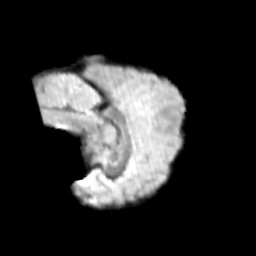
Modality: T2w
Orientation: sagittal
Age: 10
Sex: male
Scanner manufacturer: siemens
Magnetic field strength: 3 T
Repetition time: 3.8 s
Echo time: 0.07 s
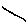
Label: line
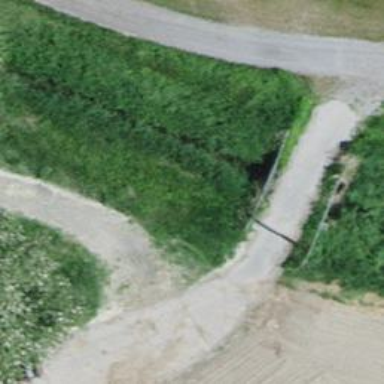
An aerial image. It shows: Ditch in the surroundings.
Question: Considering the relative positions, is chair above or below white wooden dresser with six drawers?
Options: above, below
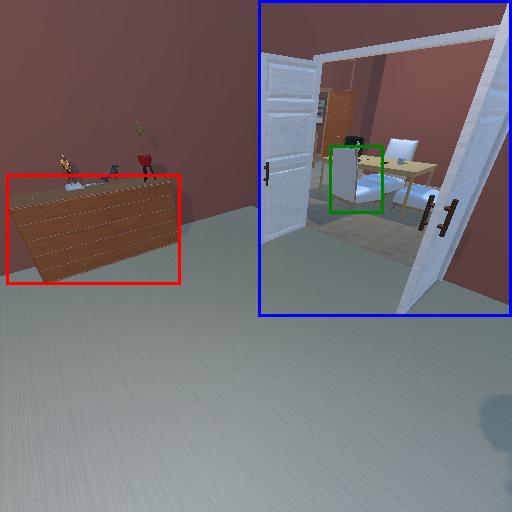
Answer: above
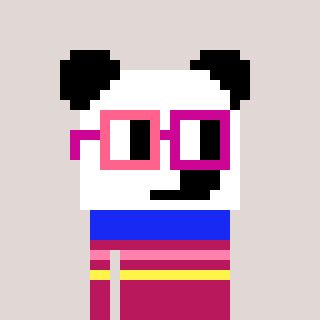
a pixel art character with square pink and red glasses, a panda-shaped head and a darkpink-colored body on a warm background
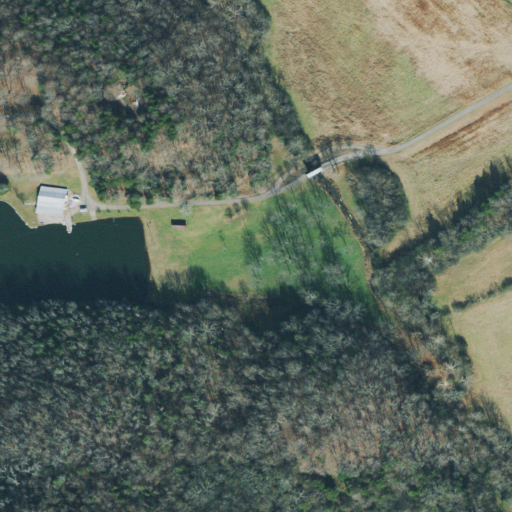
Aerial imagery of valley in Tennessee named Petty Hollow containing mixed forest, pasture, deciduous forest, open development, evergreen forest, open water, low intensity development, and medium intensity development
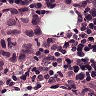
Metastatic tissue present: yes
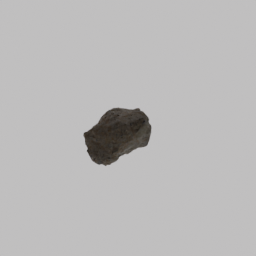
Label: architecture
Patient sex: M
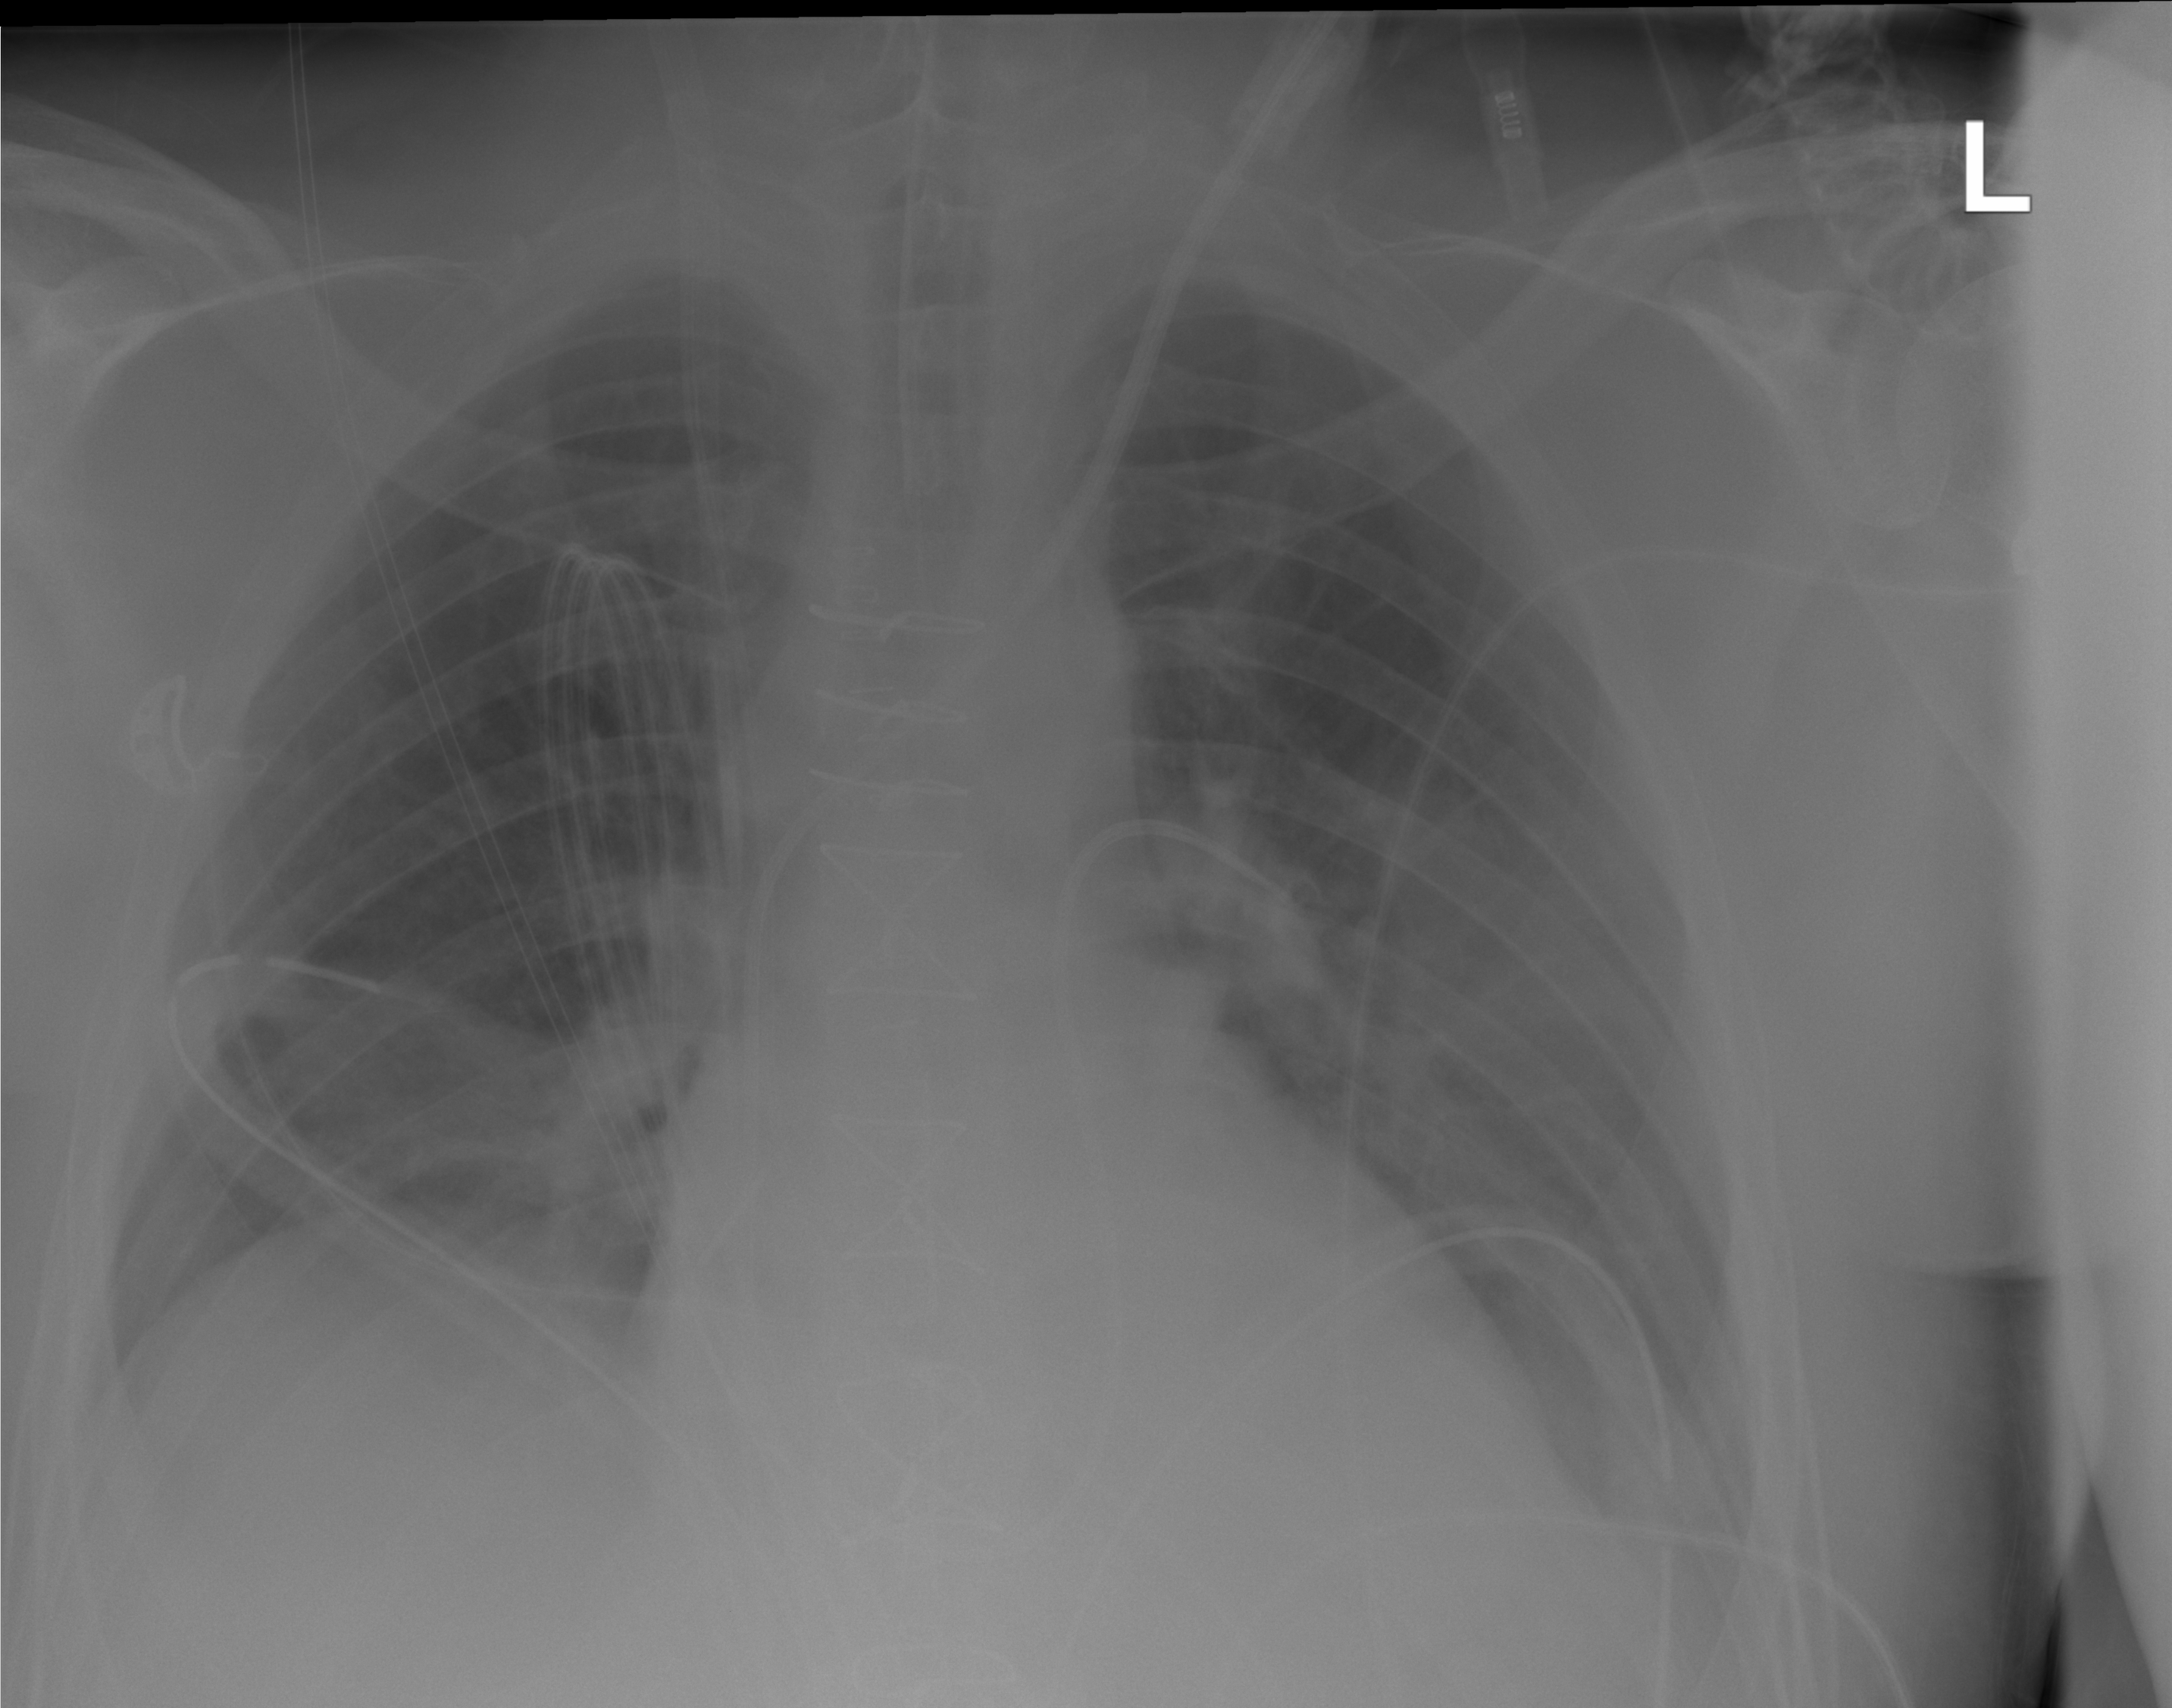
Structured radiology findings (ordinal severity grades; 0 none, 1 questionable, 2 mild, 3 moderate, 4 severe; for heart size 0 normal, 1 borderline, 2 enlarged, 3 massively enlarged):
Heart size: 0
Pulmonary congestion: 0
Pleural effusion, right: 1
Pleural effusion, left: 2
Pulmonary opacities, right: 0
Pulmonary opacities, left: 0
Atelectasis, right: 2
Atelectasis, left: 2

================================

* [WHAT IS EXPECTED] Copy out the line holding "Pleural effusion, left: 2". Then copy every later line of the data, unchanged, through the last one.

* [ANSWER SPACE]
Pleural effusion, left: 2
Pulmonary opacities, right: 0
Pulmonary opacities, left: 0
Atelectasis, right: 2
Atelectasis, left: 2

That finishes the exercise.